<<<<
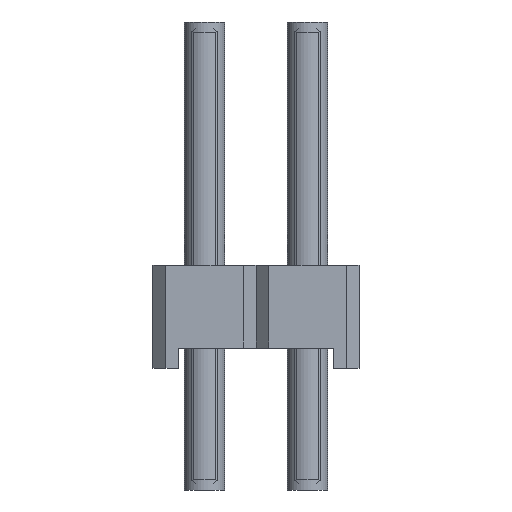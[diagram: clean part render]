
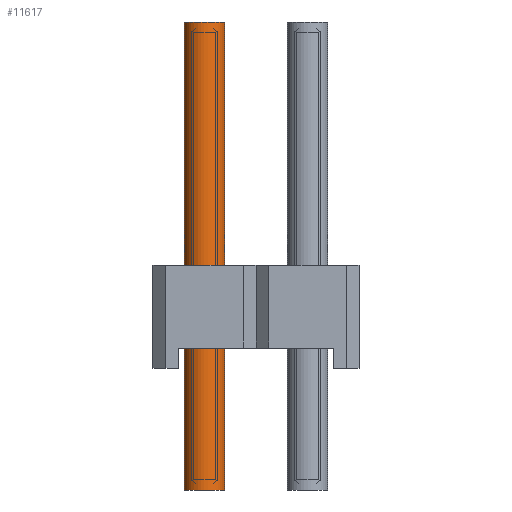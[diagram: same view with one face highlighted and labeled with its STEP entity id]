
A CAD part, left-side view. The second image highlights one B-rep face of the part: STEP entity #11617.
In plain terms, the highlighted cylindrical face has radius 0.5 mm (diameter 1 mm), a full revolution.
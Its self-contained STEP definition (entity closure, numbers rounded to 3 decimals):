
#223=CIRCLE('',#12252,0.5);
#224=CIRCLE('',#12253,0.5);
#636=CYLINDRICAL_SURFACE('',#12251,0.5);
#949=ORIENTED_EDGE('',*,*,#4371,.F.);
#950=ORIENTED_EDGE('',*,*,#4372,.T.);
#4371=EDGE_CURVE('',#6091,#6091,#223,.T.);
#4372=EDGE_CURVE('',#6092,#6092,#224,.T.);
#6091=VERTEX_POINT('',#16794);
#6092=VERTEX_POINT('',#16796);
#9871=EDGE_LOOP('',(#949));
#9872=EDGE_LOOP('',(#950));
#10555=FACE_BOUND('',#9871,.T.);
#10556=FACE_BOUND('',#9872,.T.);
#11617=ADVANCED_FACE('',(#10555,#10556),#636,.F.);
#12251=AXIS2_PLACEMENT_3D('',#16792,#13371,#13372);
#12252=AXIS2_PLACEMENT_3D('',#16793,#13373,#13374);
#12253=AXIS2_PLACEMENT_3D('',#16795,#13375,#13376);
#13371=DIRECTION('',(0.,0.,1.));
#13372=DIRECTION('',(1.,0.,0.));
#13373=DIRECTION('',(0.,0.,-1.));
#13374=DIRECTION('',(1.,0.,0.));
#13375=DIRECTION('',(0.,0.,-1.));
#13376=DIRECTION('',(1.,0.,0.));
#16792=CARTESIAN_POINT('',(0.,0.,0.));
#16793=CARTESIAN_POINT('',(0.,0.,11.54));
#16794=CARTESIAN_POINT('',(0.5,0.,11.54));
#16795=CARTESIAN_POINT('',(0.,0.,0.));
#16796=CARTESIAN_POINT('',(0.5,0.,0.));
>>>>
REQUIRED ACTION:
Go to the line holding "#16792=CARTESIAN_POINT('',(0.,0.,0.));" in the entries above and return it, along with every line after it, exactly as written.

SOLUTION TO THIS TASK:
#16792=CARTESIAN_POINT('',(0.,0.,0.));
#16793=CARTESIAN_POINT('',(0.,0.,11.54));
#16794=CARTESIAN_POINT('',(0.5,0.,11.54));
#16795=CARTESIAN_POINT('',(0.,0.,0.));
#16796=CARTESIAN_POINT('',(0.5,0.,0.));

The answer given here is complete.